# New movie: Shooter



## hoist-monkey (4 Feb 2007)

Has anyone seen the preview for "Shooter" yet.
http://www.apple.com/trailers/paramount/shooter/
It is based on a Stephen Hunter book called "Point of Impact"
I can't believe they are making a movie out of this book, and doing a crappy job about it.
Mark Wahlberg can't act, he has one facial expression "stunned", the Director should have used his brother
Donnie Wahlberg "Band of Brothers".
Needless to say they are totally changing the story of the main character "Bob Lee Swagger" and dumbing it down.
Opinions anyone?


----------



## Kilo_302 (10 Feb 2007)

I read that book a few years back, and it was pretty implausible. Then again, that would make it perfect for hollywood. Its funny, i saw the preview and had a sneaking suspicion I had seen this before. Then i remembered a couple days during a summer long ago that i wasted reading a pulp novel. still, it was pretty entertaining.


----------



## career_radio-checker (11 Feb 2007)

hey a secret squirel movie  

He can shoot a can of chuncky chicken from a mile away, he can drive sports cars I've never heard of, he's trained in counter-intelligence (like changing a password on a computer so that no one else will ever get into it... hey I guess I'm trained in counter-int too!), he's practicaly bullet proof and falling-from-building proof, he's wanted by the government, and he's handsome.

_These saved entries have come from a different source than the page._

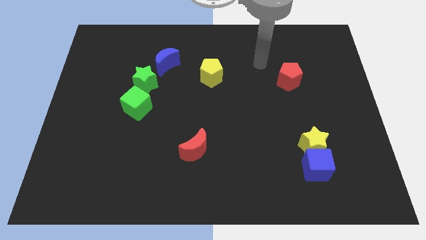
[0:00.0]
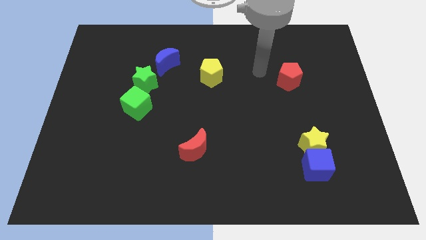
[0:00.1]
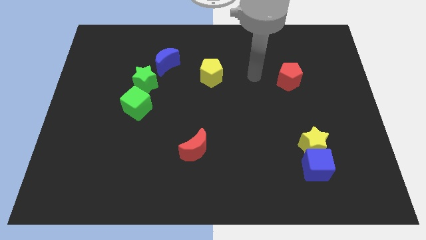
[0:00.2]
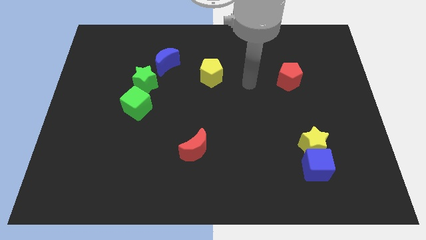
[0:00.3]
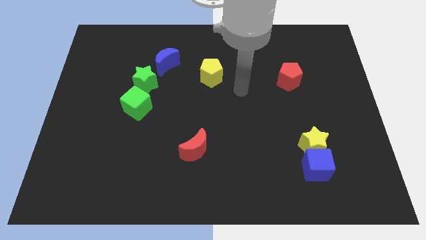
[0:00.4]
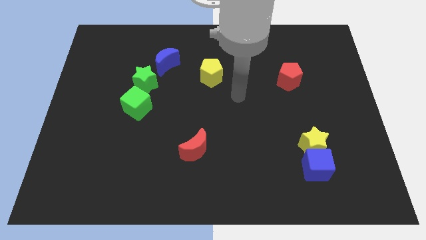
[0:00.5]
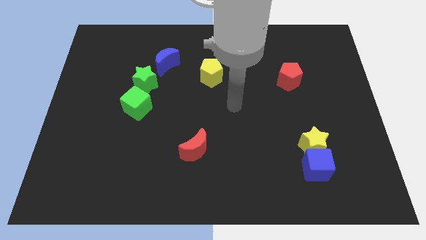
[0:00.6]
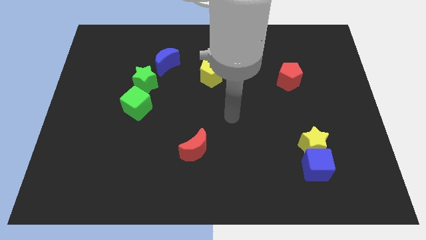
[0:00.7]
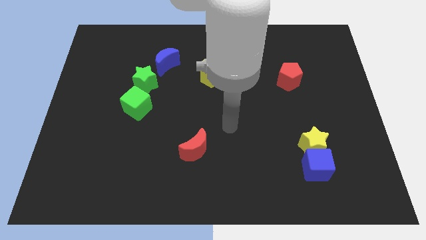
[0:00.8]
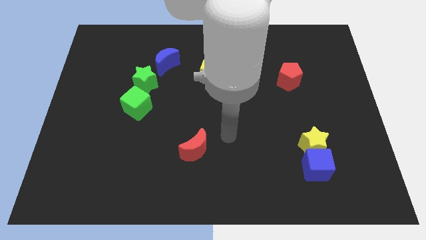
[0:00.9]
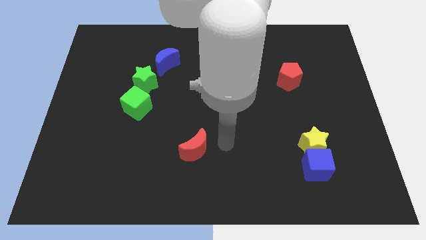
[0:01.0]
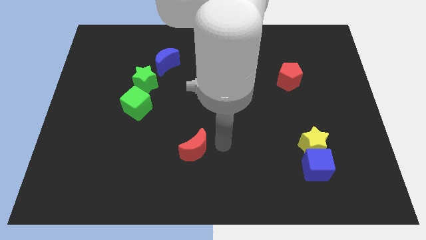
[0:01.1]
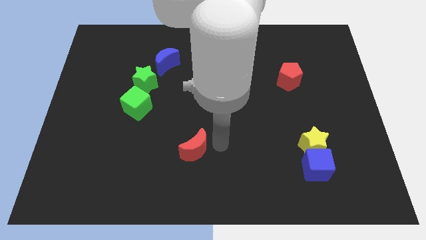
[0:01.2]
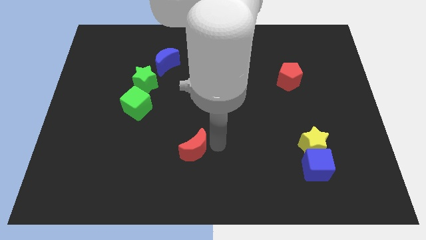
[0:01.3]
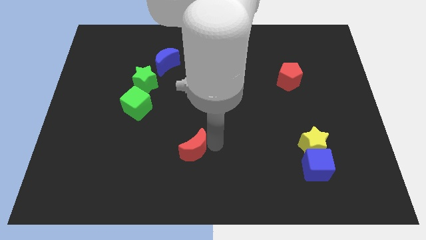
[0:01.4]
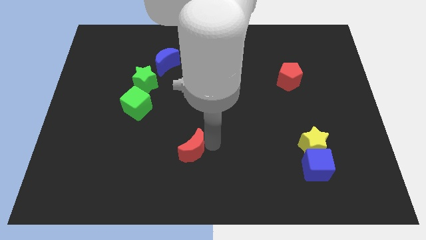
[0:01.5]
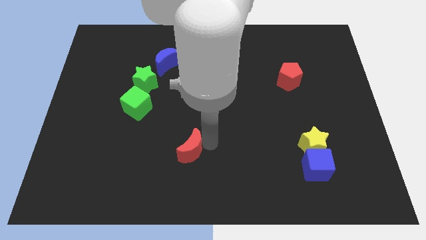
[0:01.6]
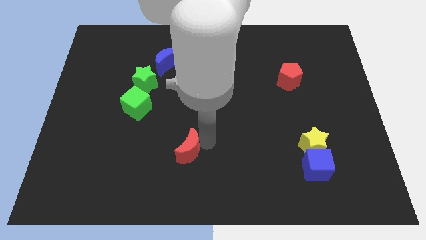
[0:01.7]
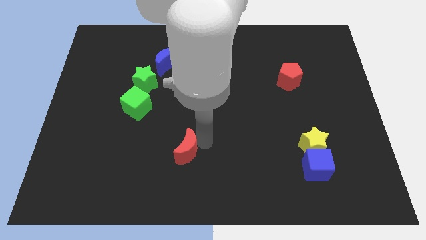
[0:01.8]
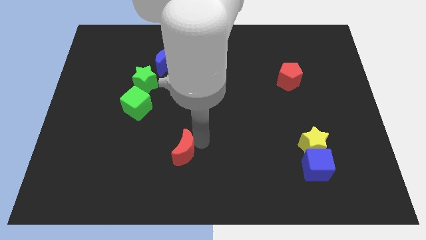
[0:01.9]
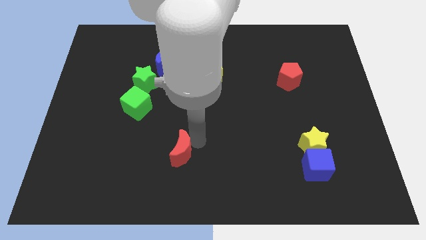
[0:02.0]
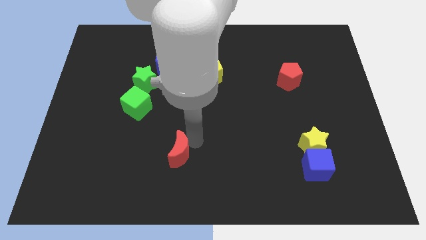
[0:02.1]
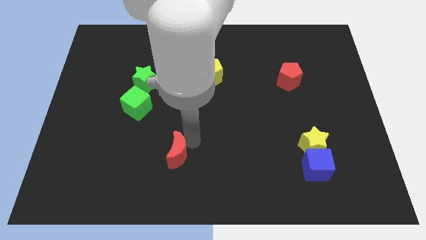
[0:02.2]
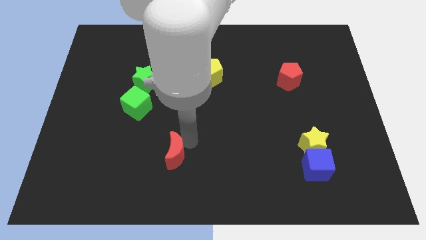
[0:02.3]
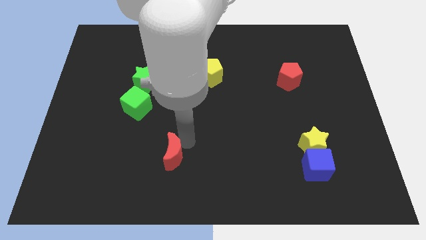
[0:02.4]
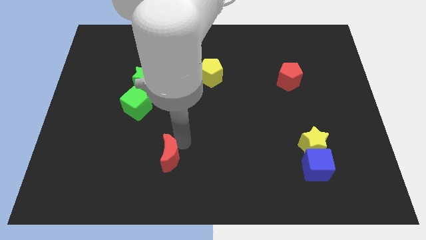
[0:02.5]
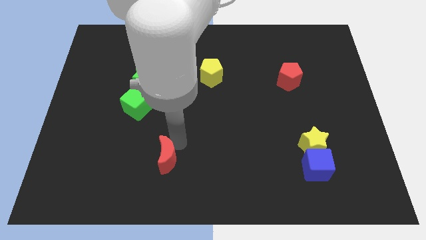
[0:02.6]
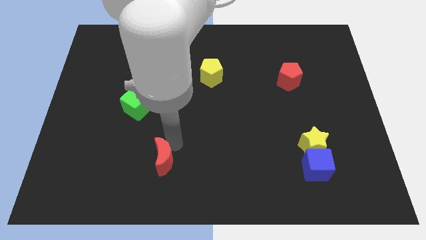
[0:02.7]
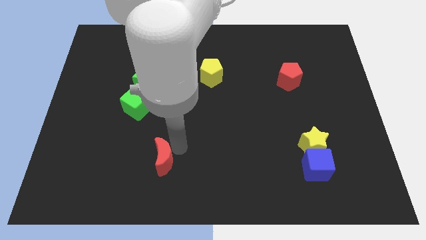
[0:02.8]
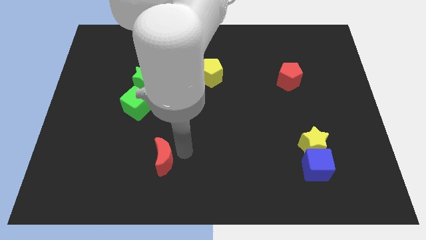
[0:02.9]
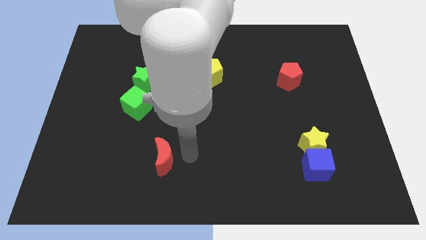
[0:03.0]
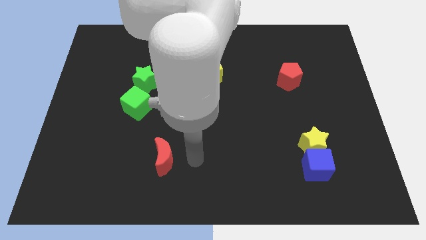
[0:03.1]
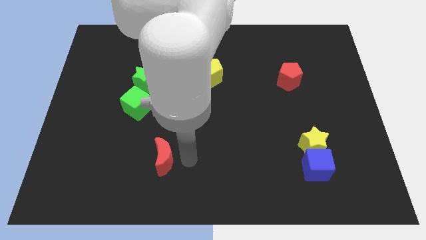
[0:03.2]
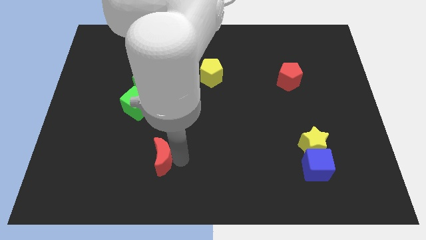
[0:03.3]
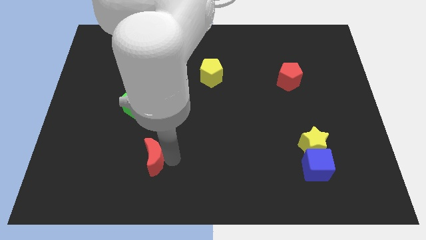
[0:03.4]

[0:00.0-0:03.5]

But he's no Chuck Norris  ^-^


----------



## HollywoodHitman (11 Feb 2007)

Chuck Norris gave Mona Lisa her smile.


----------



## Natsun (11 Feb 2007)

Looks half decent as movies go.  I'll likely try to watch it in theater to see if the DVD is worth it.


----------



## karl28 (12 Feb 2007)

> Chuck Norris gave Mona Lisa her smile.



            So was that smile from bad acting and a silent joke to her or was it something else lol But seriously that quote was funny thanks


----------



## Sig_Des (12 Feb 2007)

I dunno, this movey seems to me like it's been done before.

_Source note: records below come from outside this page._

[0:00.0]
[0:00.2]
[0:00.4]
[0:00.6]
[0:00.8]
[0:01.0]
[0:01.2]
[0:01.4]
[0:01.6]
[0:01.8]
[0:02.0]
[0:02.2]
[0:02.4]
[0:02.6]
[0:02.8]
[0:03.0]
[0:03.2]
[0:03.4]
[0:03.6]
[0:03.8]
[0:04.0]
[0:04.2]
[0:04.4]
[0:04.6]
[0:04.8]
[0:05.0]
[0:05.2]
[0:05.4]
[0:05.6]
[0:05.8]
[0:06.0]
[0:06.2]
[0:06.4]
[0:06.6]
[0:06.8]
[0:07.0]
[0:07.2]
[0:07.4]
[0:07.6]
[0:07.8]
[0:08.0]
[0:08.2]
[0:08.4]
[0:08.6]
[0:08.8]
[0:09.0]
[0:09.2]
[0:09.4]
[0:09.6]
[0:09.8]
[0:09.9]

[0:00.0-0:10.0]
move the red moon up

Something with Will Smith, or something with one of the Weyans brothers...


----------



## Danjanou (12 Feb 2007)

I'm a big fan of all the "BobThe Nailer" books by Stephen Hunter and his other prequel series about Earl Swagger.

From what I've heard Hunter is/was involved in the production of this, so I doubt it's too "dumbed down." They updated it obviously the original novel was written and set in the 1980s and involved a Vietnam Vet and subplots involving death squads in Central America, neither of which would fly now.


----------



## Teflon (12 Feb 2007)

Like almost any "book to Movie" story, it is not going to capture the entire story as detailed as the book. Hell you can't take a book of anywhere from 300 to 500 pages and condense it into a 2 hour movie without loosing some of the story. Besides movies cater to a larger audience then books, a much broader audience of varying levels of subject knowledge and general intelligence so one might expect some "dumbing down"

It's just entertainment

Read and enjoyed the book a couple of years ago and I'm sure I'll end up seeing the movie or at least renting the DVD.


----------